稼いでいる側は、上記の条件を満たすとTraditional IRAへお金を入れても無慈悲に控除ナシの扱いになる可能性はありますが、配偶者が無収入なら、無収入の配偶者がTraditional IRAへ積み立てた金額に関しては、全額が控除されます。
例えば、
夫の収入が$150K、自分は専業主婦、で共に$7,000ずつTraditional IRAへ入れたとしましょう。この時、
夫のContribution分$7,000→控除ナシ
自分のContribusion分$7,000→全額が控除される
となります。
3.Non-Deductible Contributionの行方
もしもTraditional IRAへの積立が、Taxを申告するタイミングで控除されないと知った時、どうすれば良いのでしょうか?
控除されなくても、そのままTraditional IRAに積み立てるという方法もアリです。
しかし、控除されると思っていた積み立てが控除されず、しかもそれがTraditional IRAの場合には、将来いつか引き出す時に税金を払えと言われる可能性があります(もちろん打開策はあります)。
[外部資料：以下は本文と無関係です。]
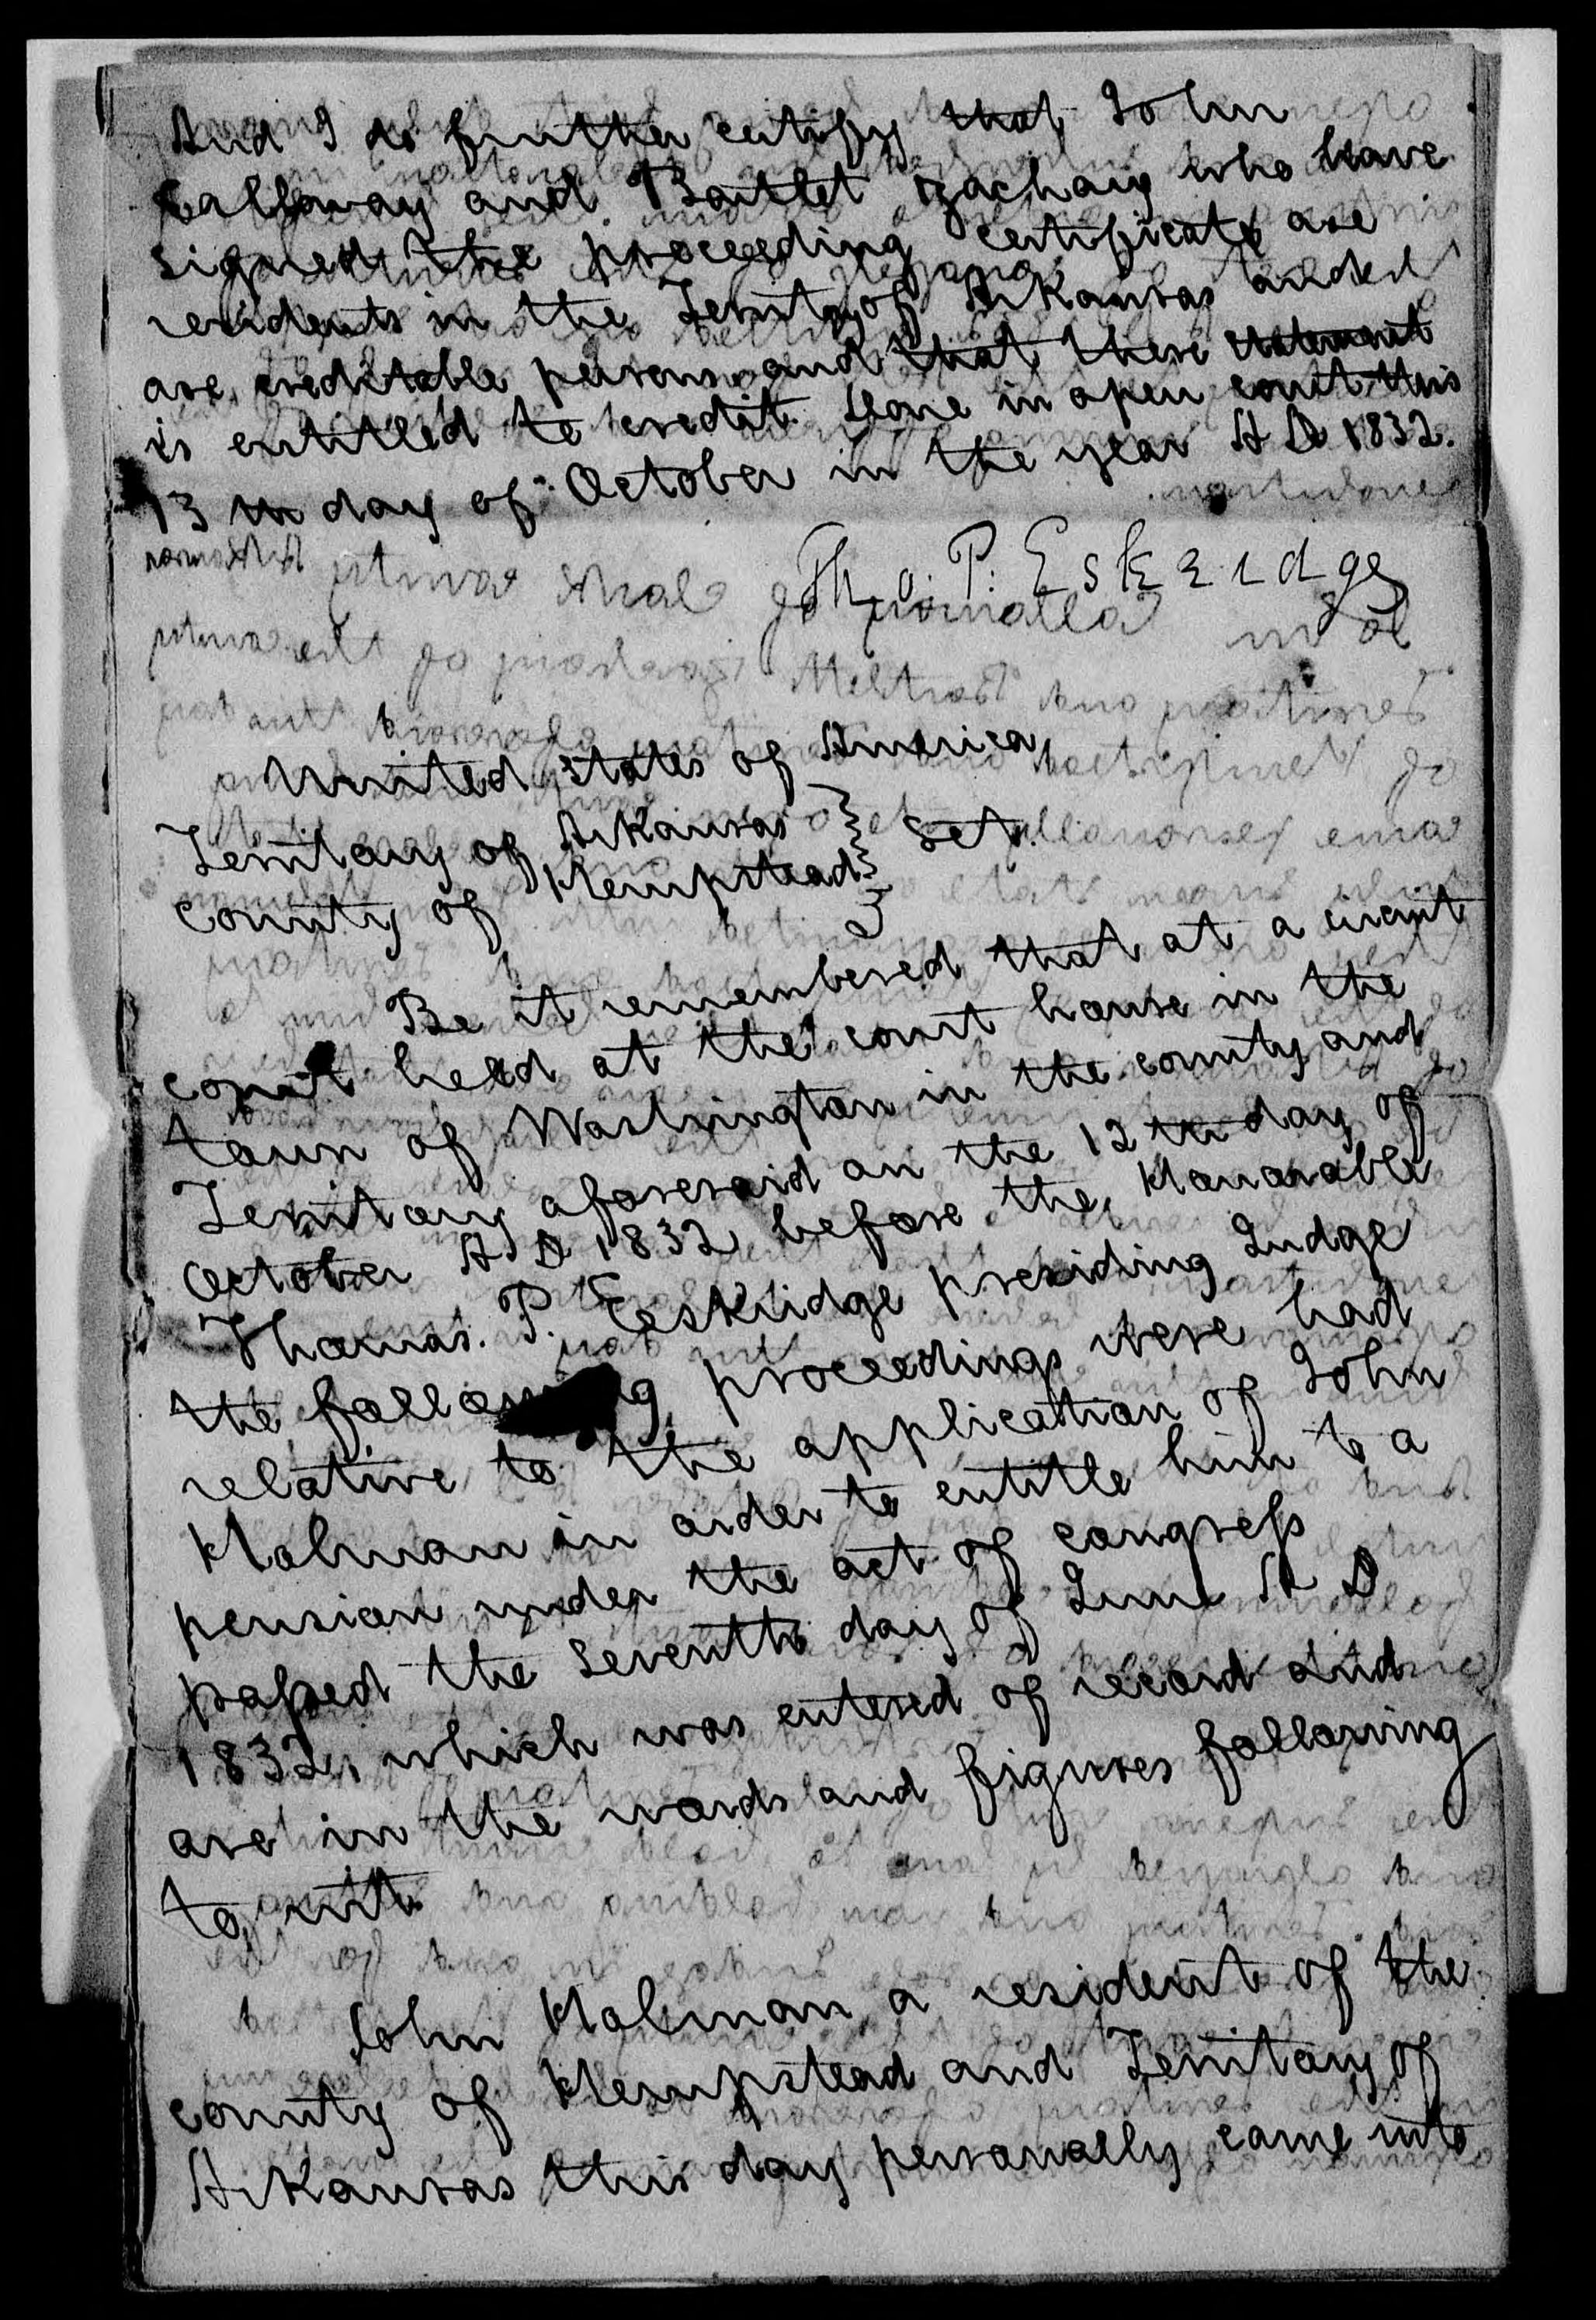and I do further certify that John Calloway and Bartlet Zachary who have signed the preceding certificate are residents in the Territory of Arkansas and are creditable persons and that their statement is entitled to credit.  Done in open court this 13th day of October in the year A. D. 1832.
Tho. P. Eskridge
United States of America
Territory of Arkansas
County of Hempstead

Be it remembered that at a circuit court held at the court house in the town of Washington in the county and Territory aforesaid on the 12th day of October AD 1832 before the Honorable Thomas P. Eskridge presiding Judge the following proceedings were had relative to the application of John Holman in order to entitle him to a pension under the act of Congress passed the seventh day of June AD 1832 which was entered of record and are in the words and figures following To wit

John Holman a resident of the county of Hempstead and Territory of Arkansas this day personally came into

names: John Calloway, John Halman, Thomas P Eskridge, Tho P Eskridge, Bartlet Zachary, John Halman
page: 8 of 30
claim: survivor's
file: S. 31753, John Holman, Va.

後から面倒な作業や手続きをするのはイヤだな、という人は、Traditional IRAへの積み立てが控除されないと知ったタイミングで、
Roth IRAへ切り替える
という方法がおすすめです。
IRA口座への出し入れは、1月1日~翌年4月15日まで、の期間が設定されています。つまり、税金の申告手続きをしながら、Traditional IRAへ入れたけれど気が変わったのでRoth IRAへ切り替えることも可能です。
Roth IRAに関しては、積み立てる際に税金の控除は一切ありません。しかし、増える利息に対して税金がかかることもなければ、引き出すときにTraditional IRAのように税金を課せられる心配もありません。
この点で、Roth IRAはとても便利ですね。